Ecuador’s Banco del Austro and Wells Fargo have reached an out-of-court settlement over a 2015 cyber heist, and that suit could have an impact on a planned suit by Bangladesh’s central bank.
According to Reuters, Banco del Austro’s suit against Wells Fargo was quietly settled in February, less than a month before a trial date was set.
While neither could be reached for comment, Banco was seeking to hold Wells responsible for authorizing the fraudulent transfer of $12 million from its account in 2015.
This news could have a real impact on a potential suit stemming from a hack on Bangladesh Bank’s systems in early 2016, which tricked the Federal Reserve Bank of New York into sending as much as $81 million to accounts at Rizal Commercial Banking Corp (RCBC) in the Philippines.

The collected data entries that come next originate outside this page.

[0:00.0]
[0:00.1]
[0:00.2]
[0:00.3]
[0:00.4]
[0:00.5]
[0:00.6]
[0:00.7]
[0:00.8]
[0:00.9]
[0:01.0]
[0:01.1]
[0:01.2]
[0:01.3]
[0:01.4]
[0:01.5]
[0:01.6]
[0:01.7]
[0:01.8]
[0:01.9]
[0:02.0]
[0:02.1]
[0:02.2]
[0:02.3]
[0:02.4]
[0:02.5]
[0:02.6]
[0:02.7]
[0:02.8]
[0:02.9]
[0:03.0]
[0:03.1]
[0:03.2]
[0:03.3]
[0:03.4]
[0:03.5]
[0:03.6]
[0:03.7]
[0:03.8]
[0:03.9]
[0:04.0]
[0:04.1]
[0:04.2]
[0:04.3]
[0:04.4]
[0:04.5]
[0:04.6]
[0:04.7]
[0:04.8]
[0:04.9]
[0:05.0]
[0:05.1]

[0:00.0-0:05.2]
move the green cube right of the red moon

The accounts were held in fake names, and most of the money disappeared into casinos in Manila. While some of the money has been recovered, around $66 million is still missing. As a result, Bangladesh Bank has threatened to sue RCBC.
“This is a tricky issue. We can’t reveal our strategy. But yes, we are reviewing each and every case, including the Ecuador one,” Bangladesh Bank’s deputy governor Abu Hena Mohd. Razee Hassan said in a recent interview.

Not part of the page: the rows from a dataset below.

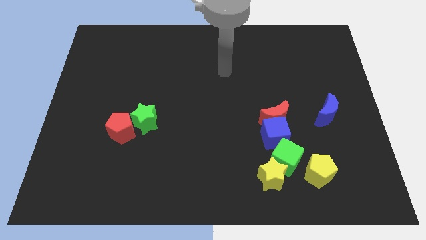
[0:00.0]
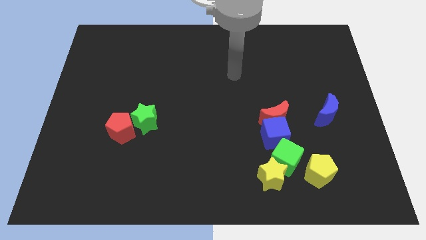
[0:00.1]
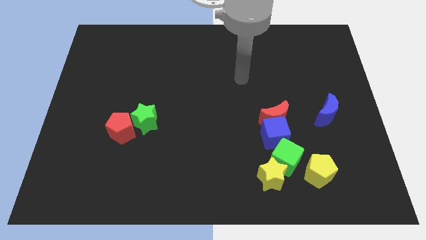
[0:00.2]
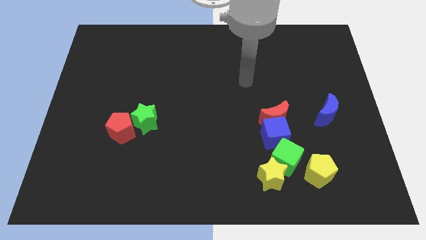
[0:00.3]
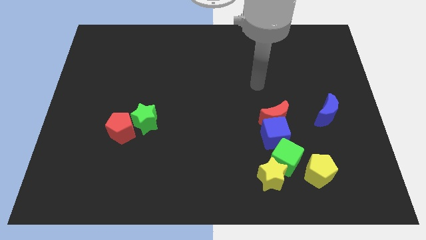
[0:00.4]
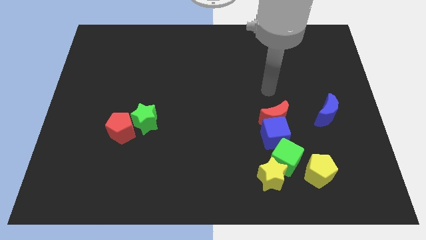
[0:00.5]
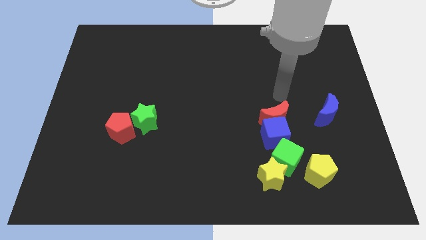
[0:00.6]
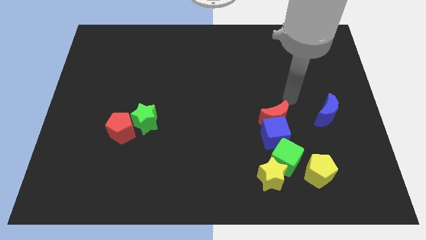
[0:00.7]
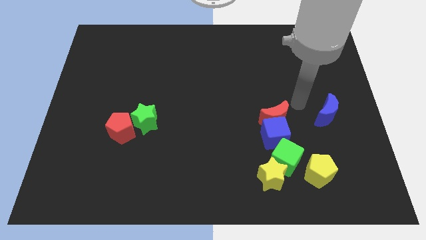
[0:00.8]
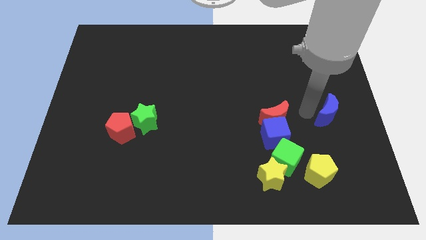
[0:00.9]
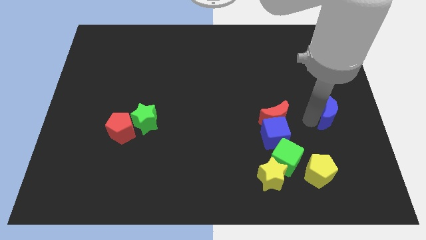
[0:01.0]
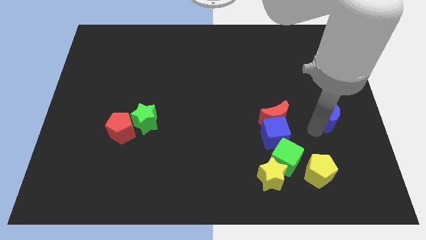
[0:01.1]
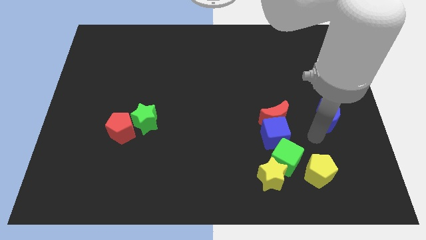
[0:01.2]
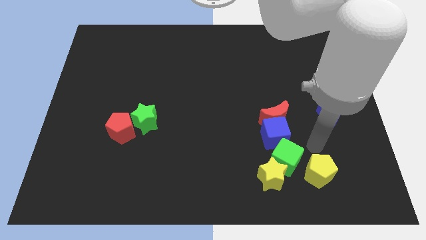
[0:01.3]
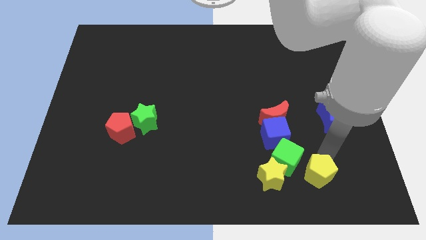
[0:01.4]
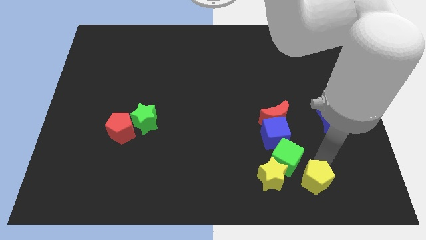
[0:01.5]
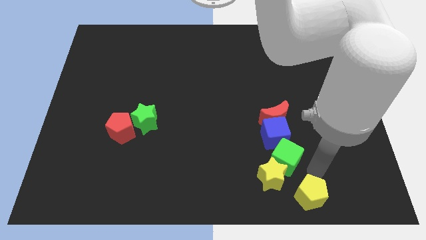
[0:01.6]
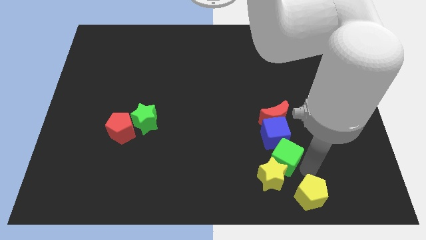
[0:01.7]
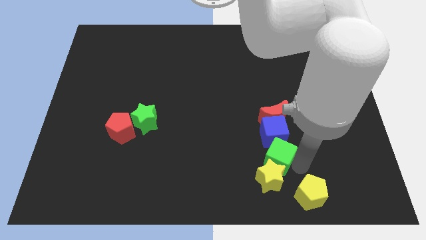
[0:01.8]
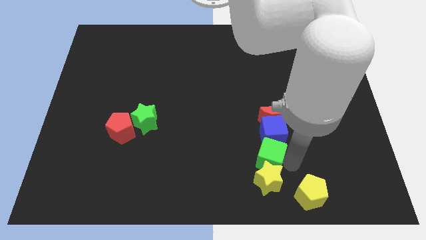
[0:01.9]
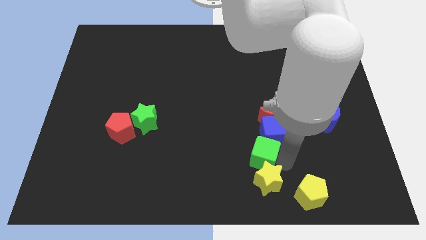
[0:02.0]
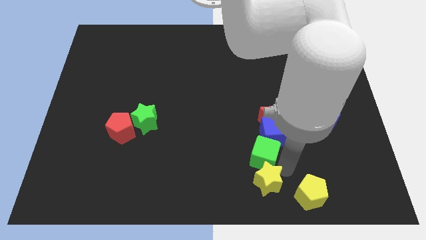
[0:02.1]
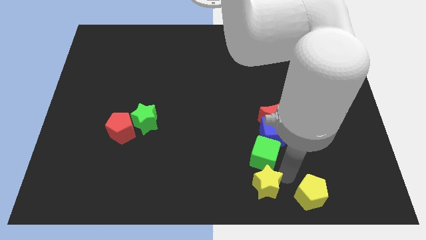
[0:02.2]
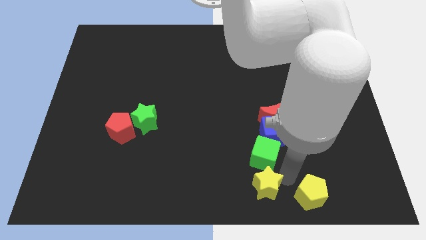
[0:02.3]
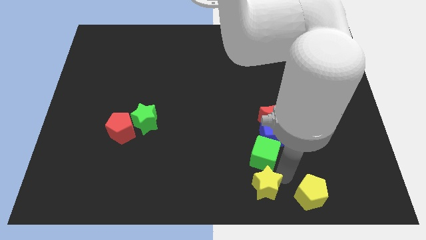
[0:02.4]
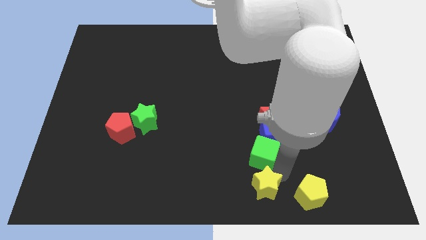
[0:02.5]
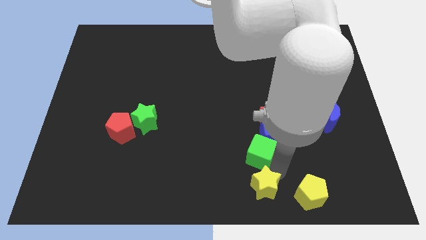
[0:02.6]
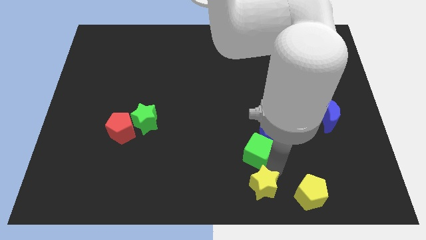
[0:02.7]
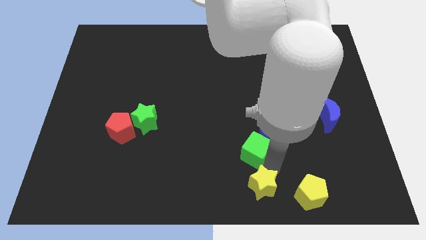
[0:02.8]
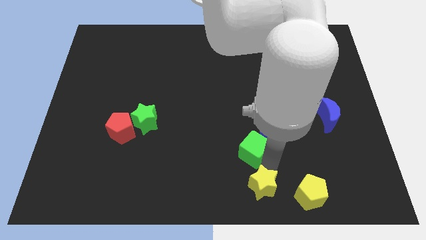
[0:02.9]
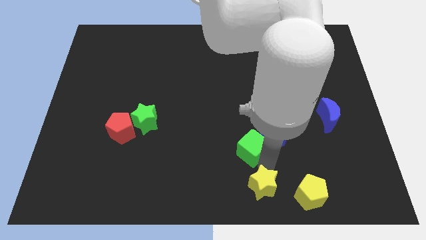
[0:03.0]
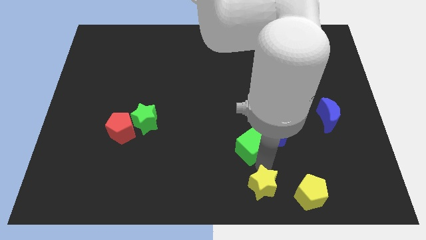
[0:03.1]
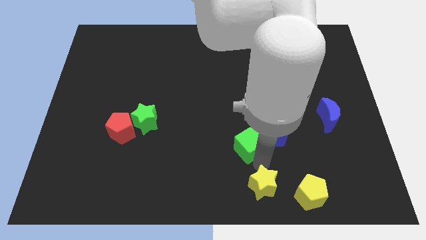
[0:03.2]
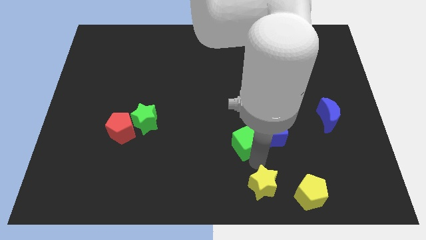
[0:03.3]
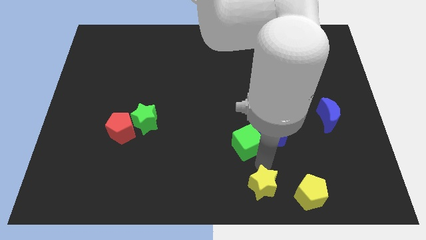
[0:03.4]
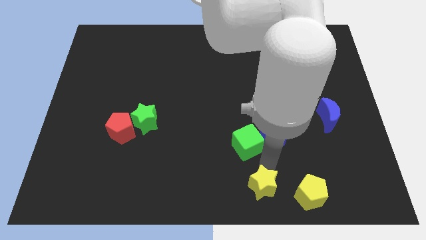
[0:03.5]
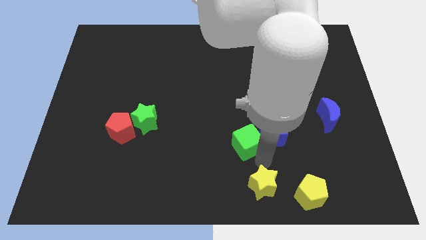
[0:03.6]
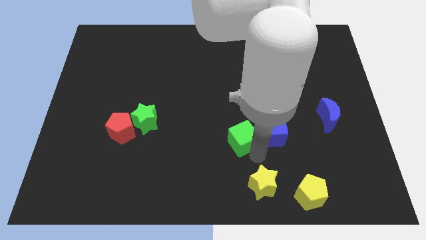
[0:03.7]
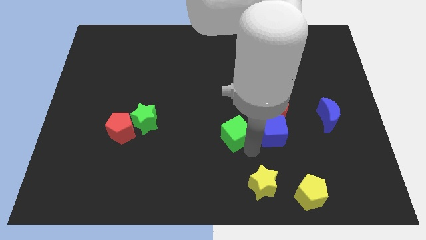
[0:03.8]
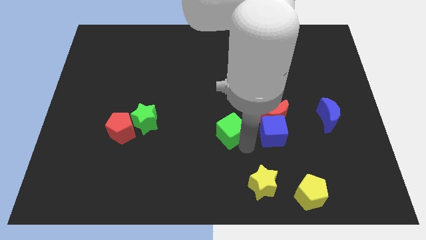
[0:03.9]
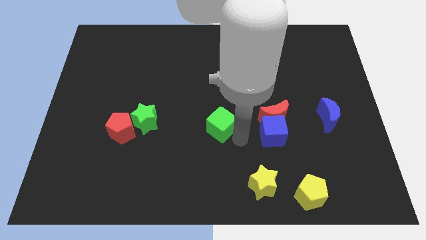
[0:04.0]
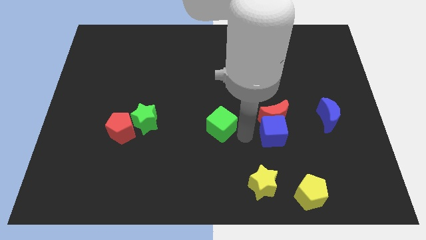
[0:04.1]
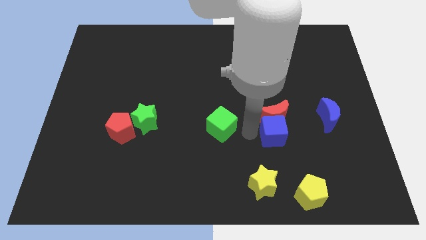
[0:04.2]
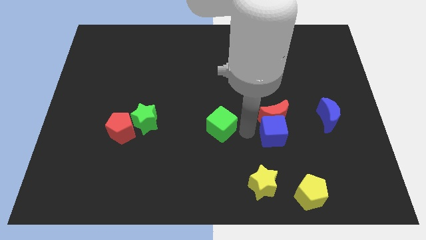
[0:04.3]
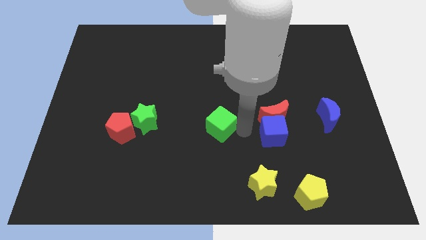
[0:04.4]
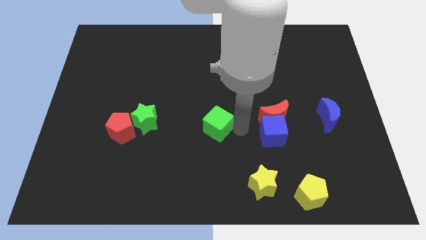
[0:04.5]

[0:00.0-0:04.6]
move the green cube right of the green star

Bangladesh has yet to take any legal action, but the suit by Banco against Wells Fargo was seen as a test for the options available to Bangladesh — with a settlement signaling that Wells compensated Banco in some way.
Still, experts say that it might be hard to prove that RCBC had a contractual obligation to freeze the stolen funds.
“There are an awful lot of reasons for people to settle, (and) there are all sorts of laws that may or may not apply,” said Peter Jaffe, a senior associate at the Washington branch of law firm Freshfields Bruckhaus Deringer LLP.
For its part, RCBC is ready to defend itself against a lawsuit, saying it has received advice from lawyers in the United States.
“There is no act attributable to RCBC which caused the loss or the theft from Bangladesh Bank,” it said in a statement. “We reiterate that RCBC was merely a beneficiary bank, meaning, the payment instructions which are alleged to have been the result of hacking were not executed by it.”